= Task objective =
Find all the lines in the entries below that hold the word "version" and copy them.

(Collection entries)
--- START ---

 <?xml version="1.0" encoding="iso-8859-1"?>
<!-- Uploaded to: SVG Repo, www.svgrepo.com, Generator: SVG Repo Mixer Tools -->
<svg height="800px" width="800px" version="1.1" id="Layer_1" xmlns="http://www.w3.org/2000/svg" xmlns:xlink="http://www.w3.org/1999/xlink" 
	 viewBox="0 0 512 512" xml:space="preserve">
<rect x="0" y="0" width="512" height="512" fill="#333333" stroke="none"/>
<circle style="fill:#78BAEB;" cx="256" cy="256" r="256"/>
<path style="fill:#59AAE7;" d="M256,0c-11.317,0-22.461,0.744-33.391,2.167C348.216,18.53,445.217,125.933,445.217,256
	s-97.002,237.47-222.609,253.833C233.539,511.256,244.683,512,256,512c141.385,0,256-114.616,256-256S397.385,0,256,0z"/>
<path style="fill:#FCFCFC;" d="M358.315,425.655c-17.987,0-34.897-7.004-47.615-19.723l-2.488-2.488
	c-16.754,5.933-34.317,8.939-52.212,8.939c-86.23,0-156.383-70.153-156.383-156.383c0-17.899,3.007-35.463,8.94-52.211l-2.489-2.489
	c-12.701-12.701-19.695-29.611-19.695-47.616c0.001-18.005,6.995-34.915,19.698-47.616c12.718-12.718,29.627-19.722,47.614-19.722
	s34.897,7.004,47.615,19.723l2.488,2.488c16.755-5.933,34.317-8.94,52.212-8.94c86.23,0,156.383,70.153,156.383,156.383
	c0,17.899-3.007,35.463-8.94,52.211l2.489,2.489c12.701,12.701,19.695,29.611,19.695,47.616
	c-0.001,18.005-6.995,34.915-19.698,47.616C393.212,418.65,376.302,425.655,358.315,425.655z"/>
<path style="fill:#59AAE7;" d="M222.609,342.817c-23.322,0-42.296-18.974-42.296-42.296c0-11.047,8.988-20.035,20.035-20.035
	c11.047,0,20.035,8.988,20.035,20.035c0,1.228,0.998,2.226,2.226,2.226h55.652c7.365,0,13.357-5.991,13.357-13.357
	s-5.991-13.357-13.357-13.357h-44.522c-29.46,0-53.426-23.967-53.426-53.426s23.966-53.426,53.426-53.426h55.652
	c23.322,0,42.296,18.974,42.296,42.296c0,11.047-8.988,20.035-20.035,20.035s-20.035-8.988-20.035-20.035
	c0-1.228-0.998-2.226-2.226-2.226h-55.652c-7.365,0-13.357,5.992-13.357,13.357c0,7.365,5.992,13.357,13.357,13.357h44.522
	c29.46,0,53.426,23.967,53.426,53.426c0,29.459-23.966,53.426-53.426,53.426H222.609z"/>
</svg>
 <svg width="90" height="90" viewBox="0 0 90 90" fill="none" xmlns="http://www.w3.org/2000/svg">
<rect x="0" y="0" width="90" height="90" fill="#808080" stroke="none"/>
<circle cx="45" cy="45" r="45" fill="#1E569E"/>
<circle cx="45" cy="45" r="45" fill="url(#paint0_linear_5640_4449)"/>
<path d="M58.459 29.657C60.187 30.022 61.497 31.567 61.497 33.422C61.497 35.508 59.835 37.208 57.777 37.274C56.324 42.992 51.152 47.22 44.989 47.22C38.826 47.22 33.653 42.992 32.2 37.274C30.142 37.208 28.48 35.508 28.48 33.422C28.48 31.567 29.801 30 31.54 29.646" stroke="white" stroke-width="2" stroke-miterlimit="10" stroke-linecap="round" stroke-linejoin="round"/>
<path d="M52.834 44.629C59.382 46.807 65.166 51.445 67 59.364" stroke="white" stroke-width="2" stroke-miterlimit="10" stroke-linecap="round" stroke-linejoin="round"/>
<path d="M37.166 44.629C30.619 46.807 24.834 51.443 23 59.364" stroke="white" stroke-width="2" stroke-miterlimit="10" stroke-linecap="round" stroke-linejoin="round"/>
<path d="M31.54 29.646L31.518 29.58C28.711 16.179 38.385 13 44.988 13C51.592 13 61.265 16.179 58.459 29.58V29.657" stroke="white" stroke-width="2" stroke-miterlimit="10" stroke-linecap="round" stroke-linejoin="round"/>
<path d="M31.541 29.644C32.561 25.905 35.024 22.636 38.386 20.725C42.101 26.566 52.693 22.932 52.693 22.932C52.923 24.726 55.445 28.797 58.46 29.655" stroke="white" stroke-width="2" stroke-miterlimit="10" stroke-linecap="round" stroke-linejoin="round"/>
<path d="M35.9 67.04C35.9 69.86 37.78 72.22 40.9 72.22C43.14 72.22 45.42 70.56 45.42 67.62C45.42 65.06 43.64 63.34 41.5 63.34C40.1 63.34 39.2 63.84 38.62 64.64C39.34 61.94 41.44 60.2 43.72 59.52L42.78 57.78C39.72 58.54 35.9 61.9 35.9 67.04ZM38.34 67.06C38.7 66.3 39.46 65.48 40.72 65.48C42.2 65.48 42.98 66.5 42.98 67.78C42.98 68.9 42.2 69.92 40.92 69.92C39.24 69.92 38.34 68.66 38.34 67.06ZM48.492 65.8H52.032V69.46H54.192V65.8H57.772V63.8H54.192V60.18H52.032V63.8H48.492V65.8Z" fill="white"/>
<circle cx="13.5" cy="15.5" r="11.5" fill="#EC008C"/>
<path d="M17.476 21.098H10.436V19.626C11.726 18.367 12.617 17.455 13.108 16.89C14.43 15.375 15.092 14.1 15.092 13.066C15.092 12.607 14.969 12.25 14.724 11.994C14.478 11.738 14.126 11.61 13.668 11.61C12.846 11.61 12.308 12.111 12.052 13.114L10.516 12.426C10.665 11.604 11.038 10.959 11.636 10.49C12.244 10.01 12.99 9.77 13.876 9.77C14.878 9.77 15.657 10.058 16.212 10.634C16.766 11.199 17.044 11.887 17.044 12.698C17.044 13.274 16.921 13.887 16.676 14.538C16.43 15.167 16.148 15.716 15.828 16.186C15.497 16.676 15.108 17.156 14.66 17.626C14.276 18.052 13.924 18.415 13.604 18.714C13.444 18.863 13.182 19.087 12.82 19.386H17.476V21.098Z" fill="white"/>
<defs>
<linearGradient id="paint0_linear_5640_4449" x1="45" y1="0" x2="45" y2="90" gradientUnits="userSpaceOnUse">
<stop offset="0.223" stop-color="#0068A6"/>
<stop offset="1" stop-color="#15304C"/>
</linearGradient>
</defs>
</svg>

--- END ---

= Problem solution =
 <?xml version="1.0" encoding="iso-8859-1"?>
<svg height="800px" width="800px" version="1.1" id="Layer_1" xmlns="http://www.w3.org/2000/svg" xmlns:xlink="http://www.w3.org/1999/xlink" 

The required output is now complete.